There is this book. It’s called Hearing and Writing Music: Professional Training for Today’s Musician (2nd Edition). Anastacia, if you’re reading this, I highly recommend. This opens entirely new dimensions, and so unassumingly. I got stuck on one of the first sections, dedicated to Resonance, and can’t seem to move forward. I just want to stay there, in Resonance, for ever.

Ron Gorow, the author of the book, writes this, “Every human recognizes the harmony that is a product of natural resonance. The human body responds sympathetically, so we actually feel music physically as well as emotionally. This simple fact, this gift of nature, provides pleasure when listening to music.”

Each instrument matches the sound vibrations of the tones produced, thereby enhancing and enriching the auditory experience. The way I understand it, the human body, as a receptor of sound, or a producer of it, vibrates as well. When we perceive sound vibrations, our body physically vibrates, “responding sympathetically”, and we experience a real, physical pleasure as the music literally moves through us.

I would venture to say that perfect resonance is achieved when a human voice sings with other voices, when the bodies vibrate at the same rate.

Gorow goes on to say, “Anyone who has played in an orchestra or sung in a choir has experienced the thrilling sensation of resonance. It is not only auditory; it is felt through the entire body…” As someone who’s been fortunate to have done both, I can attest to that claim. There’s nothing more powerful than blasting on your violin Mendelssohn’s Elijah, or bellowing out Handel’s Hallelujah Chorus. Your feel it in your gut. Your hands begin to shake. You sort of want to cry.

Still, if there is one musical dream I hold fast to, it is to be able to sing in a choir Rachmaninoff’s Vespers.

When those voices sound sublime and surreal out of the mire of mundane tedium, you are lifted up and your breath is cut short. You feel as if something divine is moving through you, in you, as you sing along, resonating with the unseen voices surrounding you. It is both physical and metaphysical, tangible and spiritual. It is pure good. It is joy. And I am, at these moments, overwhelmed with gratitude to God who has given us “this gift of nature”; voices with which to resonate with Him . He has given us ways in which we can experience Him even if we do not believe in him.

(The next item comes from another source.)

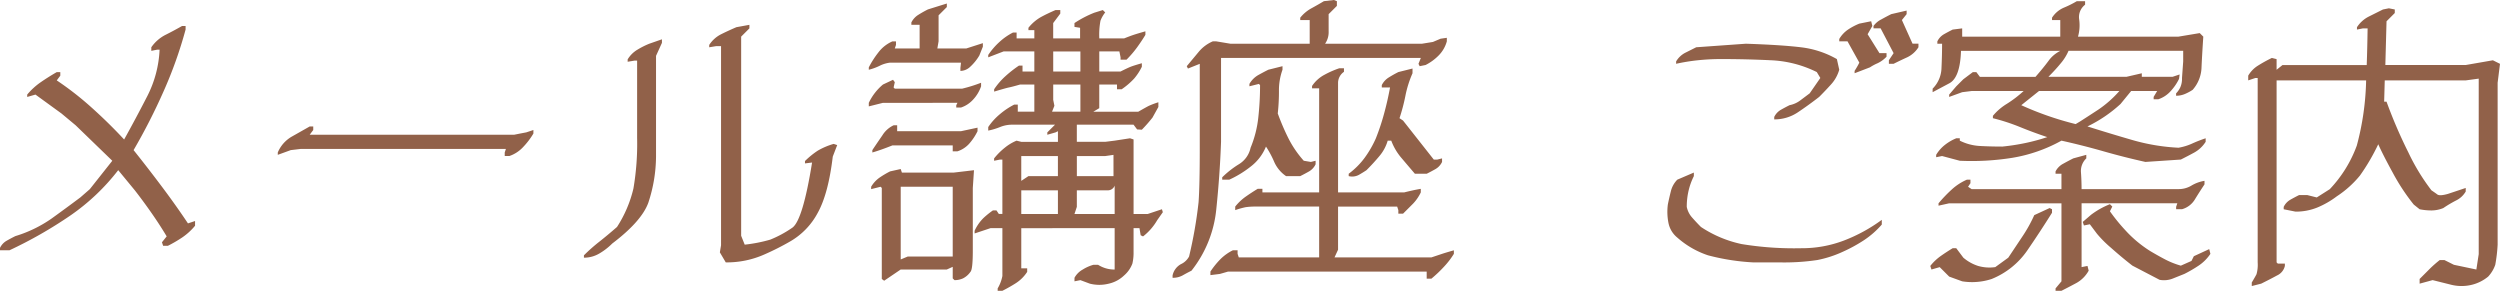 <svg xmlns="http://www.w3.org/2000/svg" width="454.395" height="52.852" viewBox="0 0 454.395 52.852">
  <path id="パス_29" data-name="パス 29" d="M-225.371-.7v-.43a2.96,2.96,0,0,1,1.182-1.289q.752-.43,1.611-.859a23.256,23.256,0,0,0,6.553-3.169q2.686-1.934,5.264-3.867l1.719-1.5,4.082-5.156-6.66-6.445-2.578-2.148L-218.926-29l-1.5.43V-29a12.349,12.349,0,0,1,2.471-2.256q1.4-.967,2.9-1.826h.645v.645l-.645.859a56.277,56.277,0,0,1,6.338,4.941q3.115,2.793,5.908,5.8,2.148-3.867,4.189-7.842a20.5,20.5,0,0,0,2.256-8.486h-.43l-1.074.215V-37.6a7.014,7.014,0,0,1,2.578-2.256q1.5-.752,3.008-1.611h.645v.645a77.283,77.283,0,0,1-3.975,11.172,108,108,0,0,1-5.479,10.742q2.578,3.223,5.156,6.66t4.727,6.66l1.289-.43v.859a11.082,11.082,0,0,1-2.363,2.148,24.017,24.017,0,0,1-2.578,1.5h-.859l-.215-.645.859-1.074q-1.289-2.148-2.793-4.3t-3.008-4.082l-3.008-3.652A38.777,38.777,0,0,1-212.48-7.09,78.206,78.206,0,0,1-223.652-.7Zm91.738-17.134v-.645l.215-.645h-37.275l-1.826.215-2.363.859v-.43a6.02,6.02,0,0,1,2.578-2.9q1.719-.967,3.223-1.826h.645v.645l-.645.859h37.168l1.074-.215,1.128-.215,1.289-.43v.645a13.617,13.617,0,0,1-1.987,2.578,6.03,6.03,0,0,1-2.363,1.5ZM-93.457,1.5-94.531-.322l.215-1.289v-36.2h-.859l-1.289.215v-.43a5.543,5.543,0,0,1,2.148-1.934q1.289-.645,2.793-1.289l2.363-.43v.645l-1.5,1.5v36.2l.645,1.611a27.136,27.136,0,0,0,4.646-.913,20.32,20.32,0,0,0,4.055-2.2q1.88-1.45,3.545-11.816l-1.289.161v-.43a15.25,15.25,0,0,1,2.31-1.88,12.726,12.726,0,0,1,2.9-1.235l.645.215-.806,2.095q-.806,6.768-2.739,10.232a13.043,13.043,0,0,1-5,5.183A47.431,47.431,0,0,1-86.367.027,16.813,16.813,0,0,1-93.457,1.5ZM-119.238.645V.215a31.228,31.228,0,0,1,2.793-2.471q1.5-1.182,3.223-2.686a22.281,22.281,0,0,0,2.981-6.982,48.232,48.232,0,0,0,.671-9.238V-35.181H-110l-1.289.215v-.43a5.09,5.09,0,0,1,1.746-1.746,14.618,14.618,0,0,1,2.175-1.1l2.31-.806v.645l-1.074,2.363v18.315a27.218,27.218,0,0,1-1.4,8.379q-1.235,3.384-6.553,7.412a11.591,11.591,0,0,1-2.363,1.826A5.447,5.447,0,0,1-119.238.645Zm75.2,6.016V6.23a7.026,7.026,0,0,0,.859-2.256v-8.7h-2.148l-2.9.967v-.483A7.617,7.617,0,0,1-46.514-6.66,15.628,15.628,0,0,1-44.9-7.949h.645l.43.645h.645v-9.883h-.43l-1.074.215v-.43a12.344,12.344,0,0,1,1.934-1.934,8.548,8.548,0,0,1,2.148-1.289l.859.215h6.66v-1.934l-.43.215-1.5.43v-.43l1.4-1.4h-7.842a5.747,5.747,0,0,0-2.148.43,12.248,12.248,0,0,1-2.148.645V-23.1a11.082,11.082,0,0,1,2.148-2.363,13.452,13.452,0,0,1,2.578-1.719h.645v1.289h3.008V-30.83h-2.578q-1.5.43-2.041.537t-2.686.752v-.43a12.733,12.733,0,0,1,2.041-2.363,20.936,20.936,0,0,1,2.471-1.934h.645v1.074h2.148v-3.652h-5.586l-2.793,1.074v-.43a12.733,12.733,0,0,1,2.041-2.363,10.983,10.983,0,0,1,2.471-1.719h.645v1.074h3.223v-1.5h-1.074v-.43A7.937,7.937,0,0,1-36.2-43.076q1.182-.645,2.686-1.289h.859v.645L-33.945-42v2.793h4.888v-1.934l-1.021-.161V-42a19.506,19.506,0,0,1,3.6-1.88l1.558-.483.43.43a5.589,5.589,0,0,0-.859,1.5,13.921,13.921,0,0,0-.215,3.223h4.512q1.074-.43,1.719-.645t2.148-.645v.645q-.645,1.074-1.5,2.256a18.968,18.968,0,0,1-1.934,2.256H-21.7v-.43l-.215-1.074h-3.652v3.652H-21.7q1.289-.645,1.826-.859t2.041-.645v.645a10.131,10.131,0,0,1-1.4,2.148,13.378,13.378,0,0,1-2.256,1.934h-.859v-.859h-3.223v4.3l-1.074.645h8.164q1.5-.859,1.934-1.074a15.8,15.8,0,0,1,1.719-.645v.859L-15.9-24.814a27.3,27.3,0,0,1-1.934,2.2l-.859-.054-.645-.859H-29.648v3.115h5.156l1.719-.215,2.793-.43.645.215V-7.3h2.578l2.578-.859.161.537-1.021,1.45a10.237,10.237,0,0,1-2.578,2.954l-.43-.215-.215-1.289h-1.074v4.4a8.5,8.5,0,0,1-.215,2.041,5.327,5.327,0,0,1-1.5,2.148,5.862,5.862,0,0,1-2.793,1.5,6.982,6.982,0,0,1-3.437,0L-29,4.727l-1.074.215V4.3a3.78,3.78,0,0,1,1.5-1.5,7.313,7.313,0,0,1,1.934-.859h.859a5.512,5.512,0,0,0,3.008.859v-7.52H-39.746v7.3h1.074v.645a6.927,6.927,0,0,1-2.041,2.041,27.531,27.531,0,0,1-2.471,1.4ZM-33.086-7.3v-4.3h-6.66v4.3Zm10.313,0v-5.156a1.31,1.31,0,0,1-1.182.859h-5.693v3.008l-.43,1.289Zm-.215-10.742-1.5.215h-5.156v3.652h6.66Zm-10.1,3.867v-3.652h-6.66v4.512l1.289-.859ZM-29-25.889V-30.83h-4.941v2.793l.215,1.074-.43,1.074Zm0-7.3v-3.652h-4.941v3.652ZM-51.885,4.727l-.322-.322V2.31l-1.074.483H-61.66l-3.008,2.041-.43-.322V-12.031l-.215-.215-1.719.43v-.43a5.31,5.31,0,0,1,1.611-1.719,17.148,17.148,0,0,1,1.826-1.074l1.934-.43.215.645h9.453l3.652-.43-.215,3.223V-.645q0,3.437-.43,3.867A3.674,3.674,0,0,1-50.327,4.4,3.673,3.673,0,0,1-51.885,4.727ZM-60.371.43h8.164V-12.246H-61.66V.967Zm8.164-19.121v-1.074H-63.164q-2.148.859-3.652,1.289v-.43q.859-1.289,1.826-2.686a4.785,4.785,0,0,1,2.041-1.826h.645v1.074h11.6l3.008-.645v.645a10.317,10.317,0,0,1-1.5,2.256,4.881,4.881,0,0,1-2.148,1.4Zm.645-7.949v-.43l.215-.43H-64.883l-2.578.645V-27.5a9.881,9.881,0,0,1,2.578-3.33l1.826-.859.322.43-.215.967.215.215h12.246a27.045,27.045,0,0,0,3.438-1.074v.645a6.66,6.66,0,0,1-1.4,2.363,5.228,5.228,0,0,1-2.256,1.5Zm.752-6.66v-.537l.107-.967H-63.594a5.6,5.6,0,0,0-1.826.537,9.689,9.689,0,0,1-2.041.752v-.43a16.716,16.716,0,0,1,1.719-2.686,6.418,6.418,0,0,1,2.578-2.041h.645v.645l-.215.645h4.512v-4.3h-1.5v-.43a3.446,3.446,0,0,1,1.289-1.4q.859-.537,1.719-.967l3.438-1.074v.645l-1.5,1.5v4.727L-55-37.383h5.264l3.008-.967v.645l-.645,1.611a9.06,9.06,0,0,1-1.772,2.148A2.64,2.64,0,0,1-50.811-33.3ZM-3.223-13.535v-.43A16.884,16.884,0,0,1-.215-16.328a4.605,4.605,0,0,0,2.148-3.008,19.872,19.872,0,0,0,1.4-5.479,53.467,53.467,0,0,0,.322-5.908l-.215-.215-1.719.43v-.43A4.344,4.344,0,0,1,3.33-32.549q.967-.537,1.826-.967l2.578-.645v.645a10.95,10.95,0,0,0-.645,3.867,37,37,0,0,1-.215,4.082,42.734,42.734,0,0,0,1.934,4.512A18.8,18.8,0,0,0,11.6-16.973l1.289.215.859-.215v.645a2.96,2.96,0,0,1-1.182,1.289q-.752.43-1.611.859H8.379A6.132,6.132,0,0,1,6.23-16.758a17.321,17.321,0,0,0-1.5-2.793A8.645,8.645,0,0,1,1.934-15.9a18.717,18.717,0,0,1-3.867,2.363Zm22.988-.645v-.43a13.915,13.915,0,0,0,2.9-2.9,19.062,19.062,0,0,0,2.041-3.545,41.639,41.639,0,0,0,1.5-4.512q.645-2.363,1.074-4.727h-1.5v-.43a3.446,3.446,0,0,1,1.289-1.4q.859-.537,1.719-.967l2.578-.645v.859a19.37,19.37,0,0,0-1.289,4.082A33.966,33.966,0,0,1,29-24.707l.645.43,5.586,7.09h.645l.859-.215v.645a2.96,2.96,0,0,1-1.182,1.289q-.752.43-1.611.859H31.8q-1.289-1.5-2.471-2.9A10.487,10.487,0,0,1,27.5-20.625h-.645a7.6,7.6,0,0,1-1.5,2.793q-1.074,1.289-2.363,2.578-.645.43-1.4.859A2.569,2.569,0,0,1,19.766-14.18ZM-2.148,3.169l-1.5.43-1.719.215V3.169A14.735,14.735,0,0,1-3.545.913,8.6,8.6,0,0,1-1.289-.7H-.43v.645l.215.645H14.395V-8.647H3.008a12.776,12.776,0,0,0-1.934.107A14.157,14.157,0,0,0-.859-8v-.645a9.31,9.31,0,0,1,1.934-1.826q1.074-.752,2.148-1.4h.859v.645H14.395V-30.132H13.105v-.43A6.194,6.194,0,0,1,15.361-32.6a17.106,17.106,0,0,1,2.686-1.182h.859v.645a2.463,2.463,0,0,0-1.074,1.934v19.98H29.863q1.719-.43,3.008-.645v.645a7.8,7.8,0,0,1-1.4,2.041L29.648-7.358h-.859V-8l-.215-.645H17.832V-.806l-.645,1.4H34.8l1.934-.645q.645-.215,2.148-.645v.645A14.515,14.515,0,0,1,37.168,2.2,23.635,23.635,0,0,1,34.8,4.458h-.859V3.169ZM-12.246,4.3v-.43a3.062,3.062,0,0,1,1.5-2.041,3.194,3.194,0,0,0,1.5-1.4A79.571,79.571,0,0,0-7.52-9.453q.215-3.008.215-9.668V-34.59l-2.148.859-.215-.43,2.148-2.578a6.81,6.81,0,0,1,2.578-1.934H-4.3l2.578.43H12.676v-4.3H10.957v-.43A6.705,6.705,0,0,1,13-44.687q1.182-.645,2.256-1.289l1.826-.215.537.215v.859l-1.5,1.5V-40.5a3.665,3.665,0,0,1-.645,2.256H33.086l1.987-.322,1.4-.591,1.128-.161v.645a5.857,5.857,0,0,1-1.5,2.578,9.068,9.068,0,0,1-2.363,1.719l-1.074.215-.215-.43.43-1.074H-3.437V-20.41Q-3.652-14.395-4.3-8.164A21.346,21.346,0,0,1-8.809,3.008q-.859.43-1.611.859A3.626,3.626,0,0,1-12.246,4.3ZM93.242,1.5A40.5,40.5,0,0,1,85.078.215a16.073,16.073,0,0,1-5.586-3.223,4.575,4.575,0,0,1-1.611-2.686,10.339,10.339,0,0,1-.107-3.33q.215-1.074.537-2.363a4.518,4.518,0,0,1,1.182-2.148L82.5-14.824v.645a12.037,12.037,0,0,0-.967,2.686,12.859,12.859,0,0,0-.322,2.9,4.125,4.125,0,0,0,.967,1.934q.752.859,1.611,1.719A21.335,21.335,0,0,0,91.2-1.826a59.087,59.087,0,0,0,10.85.752,21.47,21.47,0,0,0,7.734-1.4,29.247,29.247,0,0,0,6.875-3.76v.859a15.887,15.887,0,0,1-3.33,2.9A27.4,27.4,0,0,1,109.57-.43a20.41,20.41,0,0,1-4.619,1.5,40.939,40.939,0,0,1-6.982.43Zm3.867-26v-.43a2.96,2.96,0,0,1,1.182-1.289q.752-.43,1.611-.859a4.725,4.725,0,0,0,1.934-.859l1.719-1.289,1.934-2.793-.645-1.074a20.725,20.725,0,0,0-8.379-2.148q-4.512-.215-9.023-.215a40.005,40.005,0,0,0-4.189.215,35.384,35.384,0,0,0-3.975.645v-.43A4.132,4.132,0,0,1,81-36.631L82.93-37.6l9.023-.645q6.445.215,9.99.645a17.251,17.251,0,0,1,6.553,2.148l.43,1.934a6.671,6.671,0,0,1-1.5,2.686q-1.074,1.182-2.148,2.256-1.934,1.5-3.867,2.793A7.578,7.578,0,0,1,97.109-24.492Zm14.609-8.379v-.43a14.046,14.046,0,0,0,.859-1.5l-2.148-3.867h-1.5v-.43a5.31,5.31,0,0,1,1.611-1.719,11.106,11.106,0,0,1,2.041-1.074l2.148-.43.215.859-.859,1.5,2.148,3.438h1.289v.645a5.393,5.393,0,0,1-1.611,1.182,8.661,8.661,0,0,0-1.4.752Zm6.23-1.719v-.645l.859-1.289-2.363-4.512h-1.289v-.43a3.922,3.922,0,0,1,1.4-1.182q.967-.537,1.826-.967l2.793-.645v.645l-.859,1.074,1.934,4.3h1.074v.645a4.924,4.924,0,0,1-2.041,1.826q-1.182.537-2.471,1.182ZM148.242,6.66V6.23l1.074-1.289V-9.238h-20.41l-1.934.43v-.43a25.493,25.493,0,0,1,2.363-2.471,9.886,9.886,0,0,1,2.793-1.826h.645v.645l-.43.645.645.43h16.328v-2.793h-1.074v-.43a3.281,3.281,0,0,1,1.4-1.4q.967-.537,1.826-.967l2.363-.645v.645a3.172,3.172,0,0,0-.967,2.578q.107,1.5.107,3.008h17.617a4.507,4.507,0,0,0,2.363-.645,6.684,6.684,0,0,1,2.363-.859v.645q-.859,1.289-1.719,2.686a3.992,3.992,0,0,1-2.363,1.826h-1.074v-.43l.215-.645h-17.4v11.6l1.074-.215.215.859A5.694,5.694,0,0,1,152,5.264q-1.4.752-2.686,1.4ZM158.555-8.647l-.43.859a32.879,32.879,0,0,0,2.793,3.438,21.707,21.707,0,0,0,4.565,3.813q1.45.859,2.739,1.531a14.874,14.874,0,0,0,2.793,1.1l1.934-.859.43-.859,2.793-1.289.215.859a7.672,7.672,0,0,1-2.148,2.148,24.017,24.017,0,0,1-2.578,1.5l-2.148.859a4.336,4.336,0,0,1-2.363.215l-4.941-2.578q-1.934-1.5-3.867-3.223a20.968,20.968,0,0,1-2.578-2.578l-1.289-1.719L153.4-5.21l-.215-.645,1.5-1.289a14.582,14.582,0,0,1,3.438-1.934ZM131.27,4.941l-2.363-.859-1.719-1.719-1.5.43-.215-.645A9.31,9.31,0,0,1,127.4.322q1.074-.752,2.148-1.4h.645L131.484.645a7.771,7.771,0,0,0,2.686,1.5,7.4,7.4,0,0,0,3.115.215L139.648.645l2.578-3.867a26.085,26.085,0,0,0,2.148-3.867l2.793-1.289.43.215v.645q-2.148,3.438-4.512,6.875a14.4,14.4,0,0,1-6.445,5.156,11.168,11.168,0,0,1-2.686.537A11.106,11.106,0,0,1,131.27,4.941Zm33.3-21.7q-3.867-.859-7.627-1.934t-7.627-1.934A27.6,27.6,0,0,1,140.4-17.51a46.736,46.736,0,0,1-9.561.537l-3.223-.859-1.074.215v-.43a6.576,6.576,0,0,1,1.611-1.826,8.4,8.4,0,0,1,2.041-1.182h.645v.43a9.226,9.226,0,0,0,3.652.967q1.934.107,4.082.107a39.309,39.309,0,0,0,4.189-.645,36.029,36.029,0,0,0,3.975-1.074q-2.578-.859-4.941-1.826a36.255,36.255,0,0,0-4.941-1.611v-.43a10.153,10.153,0,0,1,2.524-2.175,21.119,21.119,0,0,0,3.062-2.336h-9.453l-1.719.215-2.363.859V-29l1.289-1.5,1.289-1.289,1.719-1.289h.645l.645.859h10.1q1.5-1.719,2.363-2.9a5.868,5.868,0,0,1,2.148-1.826H131.055q-.161,4.888-2.148,5.908L125.9-29.434v-.645a5.492,5.492,0,0,0,1.611-3.76q.107-2.256.107-4.4h-.859v-.43a2.96,2.96,0,0,1,1.182-1.289q.752-.43,1.611-.859l1.719-.215v1.5H149.1v-3.008h-1.5v-.43a4.773,4.773,0,0,1,2.148-1.826,18.175,18.175,0,0,0,2.363-1.182h1.5v.645a2.82,2.82,0,0,0-1.074,2.686,7.577,7.577,0,0,1-.215,3.115h18.262l3.867-.645.645.645q-.215,3.223-.322,5.586a6.462,6.462,0,0,1-1.611,4.082,8.66,8.66,0,0,1-1.4.752,4.047,4.047,0,0,1-1.611.322v-.43a4.089,4.089,0,0,0,.752-1.074,3.871,3.871,0,0,0,.322-1.719l.215-3.008v-1.934h-20.84a8.8,8.8,0,0,1-1.4,2.256q-.967,1.182-2.256,2.471h14.18l2.793-.645v.645h5.586l1.289-.43-.107.806a9.268,9.268,0,0,1-1.5,2.2,5.228,5.228,0,0,1-2.256,1.5h-.859v-.43l.645-1.074h-4.727l-1.934,2.363a24.713,24.713,0,0,1-6.016,4.082q4.082,1.289,8.164,2.471a36.6,36.6,0,0,0,8.379,1.4,9.863,9.863,0,0,0,2.471-.752,25.3,25.3,0,0,1,2.471-.967v.645a5.81,5.81,0,0,1-2.041,1.934q-1.182.645-2.471,1.289ZM152.7-24.116q1.343-.859,3.276-2.122a20.02,20.02,0,0,0,3.867-3.411H145.234l-3.223,2.578q2.363,1.074,4.834,1.934t5.049,1.5ZM183.906,5.8V5.156q.645-1.074.859-1.5A6.284,6.284,0,0,0,184.98,1.5V-32.012h-.43l-1.289.43v-.859a5.31,5.31,0,0,1,1.611-1.719,25.945,25.945,0,0,1,2.686-1.5l.859.215v1.934l1.074-.859H204.8q.107-3.008.161-6.66H204.1l-1.074.215v-.43a5.544,5.544,0,0,1,2.148-1.934l2.578-1.289,1.074-.215,1.074.215v.645l-1.5,1.5-.215,7.949h14.609l4.941-.859,1.289.645-.43,3.438V-1.719a27.923,27.923,0,0,1-.43,3.652,5.994,5.994,0,0,1-1.289,2.148,7.451,7.451,0,0,1-3.008,1.5,7.862,7.862,0,0,1-3.652,0l-3.437-.859-2.363.645V4.512l1.934-1.934a21.3,21.3,0,0,1,1.719-1.5h.859l1.719.859,4.082.859L225.156,0V-31.9l-2.363.322H208.076l-.107,3.867h.43a87.521,87.521,0,0,0,3.975,9.238,37.968,37.968,0,0,0,4.189,6.875q.645.43,1.074.752t1.934-.107l3.223-1.074v.645a4.132,4.132,0,0,1-1.719,1.611,22.338,22.338,0,0,0-2.363,1.4,5.747,5.747,0,0,1-2.148.43,10.93,10.93,0,0,1-2.148-.215l-1.074-.859a37.362,37.362,0,0,1-3.76-5.693q-1.826-3.33-2.686-5.264a37.537,37.537,0,0,1-3.33,5.693,18.506,18.506,0,0,1-4.189,3.76,16.175,16.175,0,0,1-3.545,2.041,10.338,10.338,0,0,1-3.975.752l-2.148-.43v-.43a2.96,2.96,0,0,1,1.182-1.289q.752-.43,1.611-.859H194l1.719.43,2.363-1.5A22.929,22.929,0,0,0,203-19.739a49.42,49.42,0,0,0,1.692-11.843H188.418V1.5l.215.215h1.289v.43a2.52,2.52,0,0,1-1.4,1.719q-1.182.645-2.9,1.5Z" transform="translate(225.371 46.191)" fill="#916149"/>
</svg>

There is other music and art that create for me a spiritual experience: select compositions by the Russian reggae band, 5’nizza, the Christian death metal band Believer, Ella Fitzgerald, especially in combination with Louie Armstrong, and Pieter Bruegel’s Winter Landscape with a Bird Trap. What is the common denominator? Couldn’t tell you. I see courageous creativity, honesty, pure talent, pure heart, and something of the eternal, respectively. Of course, this is subjective. But then again, worship always is.